WHAT THE EXERCISE ASKS:
Copy each line in the data below that contains the word "square".

LISTED ENTRIES:
· · · · · · ·

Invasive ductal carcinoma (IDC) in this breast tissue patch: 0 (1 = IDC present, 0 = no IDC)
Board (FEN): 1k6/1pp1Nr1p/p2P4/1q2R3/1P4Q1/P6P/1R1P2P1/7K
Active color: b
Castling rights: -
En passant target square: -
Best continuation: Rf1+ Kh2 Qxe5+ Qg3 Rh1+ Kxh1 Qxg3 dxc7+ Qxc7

· · · · · · ·

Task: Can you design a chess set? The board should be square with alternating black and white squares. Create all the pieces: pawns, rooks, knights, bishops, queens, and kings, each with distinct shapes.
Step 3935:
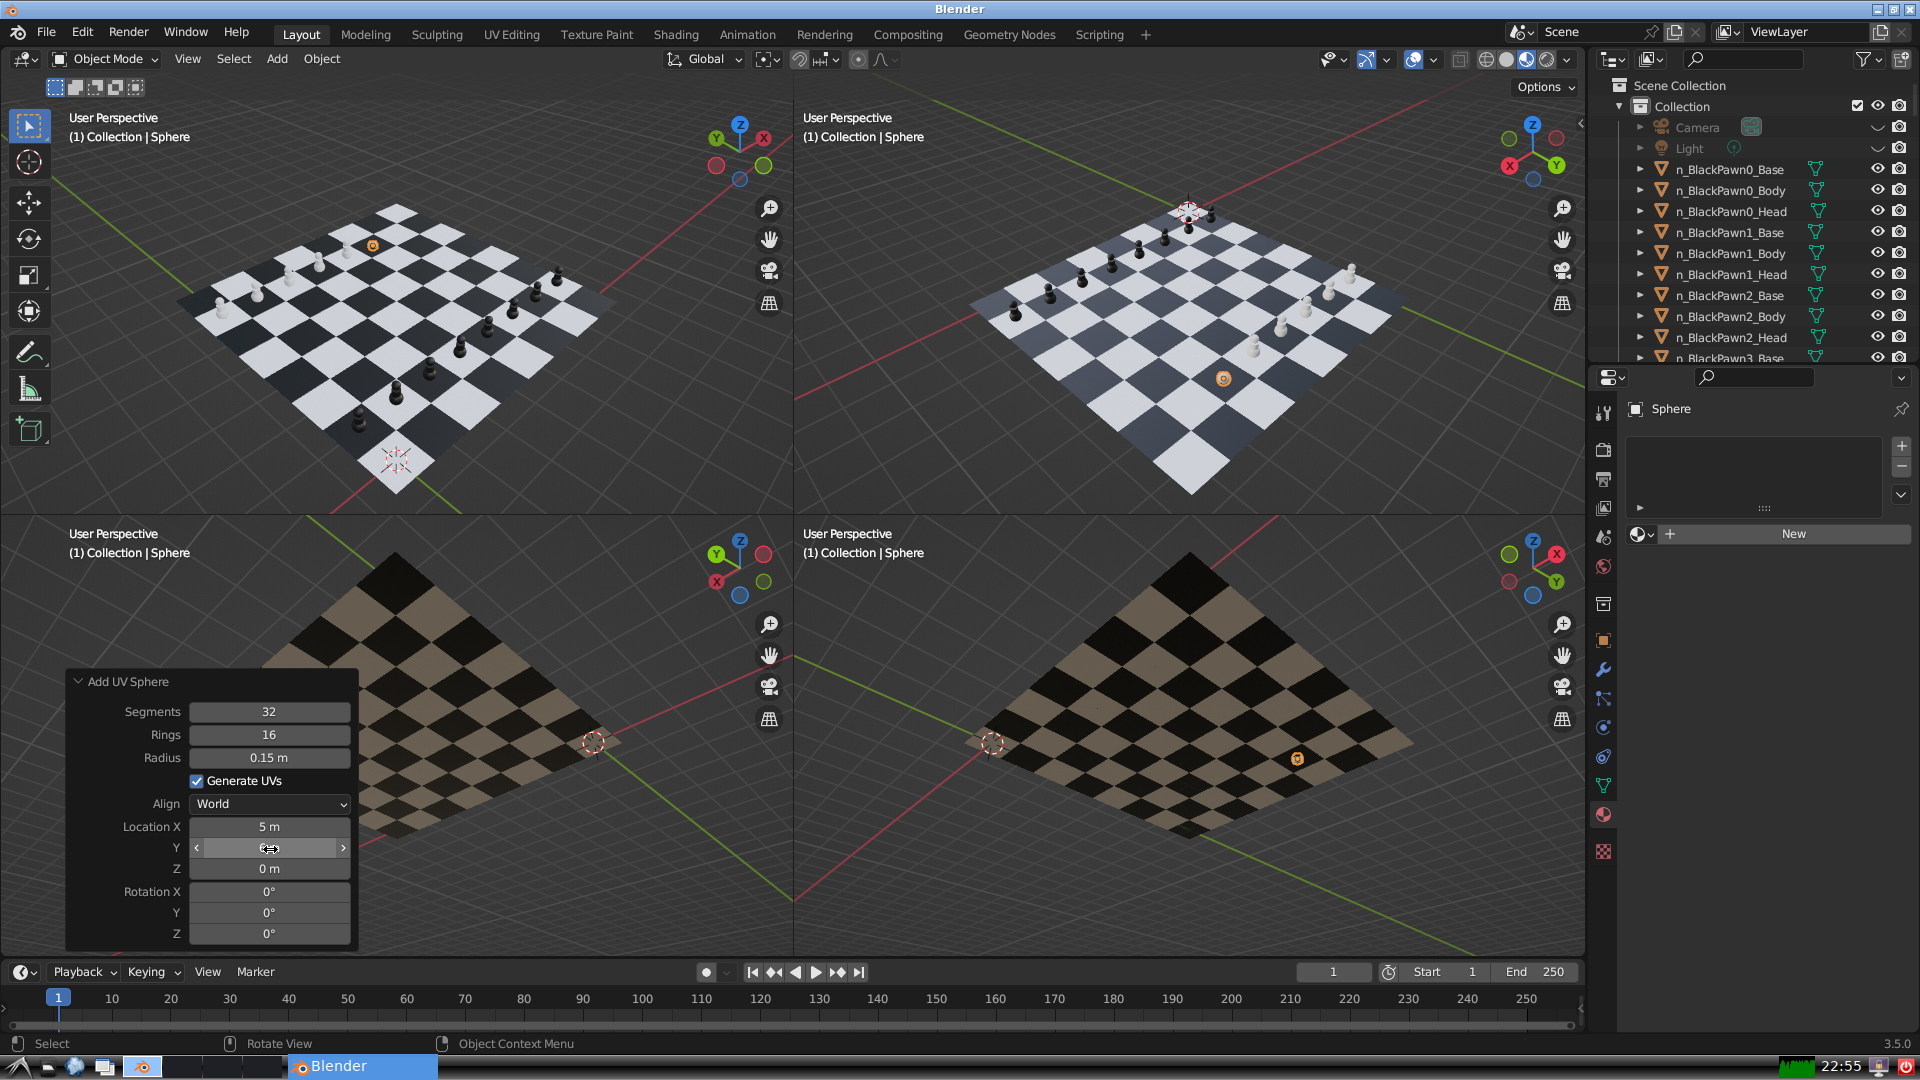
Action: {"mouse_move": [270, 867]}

· · · · · · ·

RESULT FOR THIS TASK:
En passant target square: -
Task: Can you design a chess set? The board should be square with alternating black and white squares. Create all the pieces: pawns, rooks, knights, bishops, queens, and kings, each with distinct shapes.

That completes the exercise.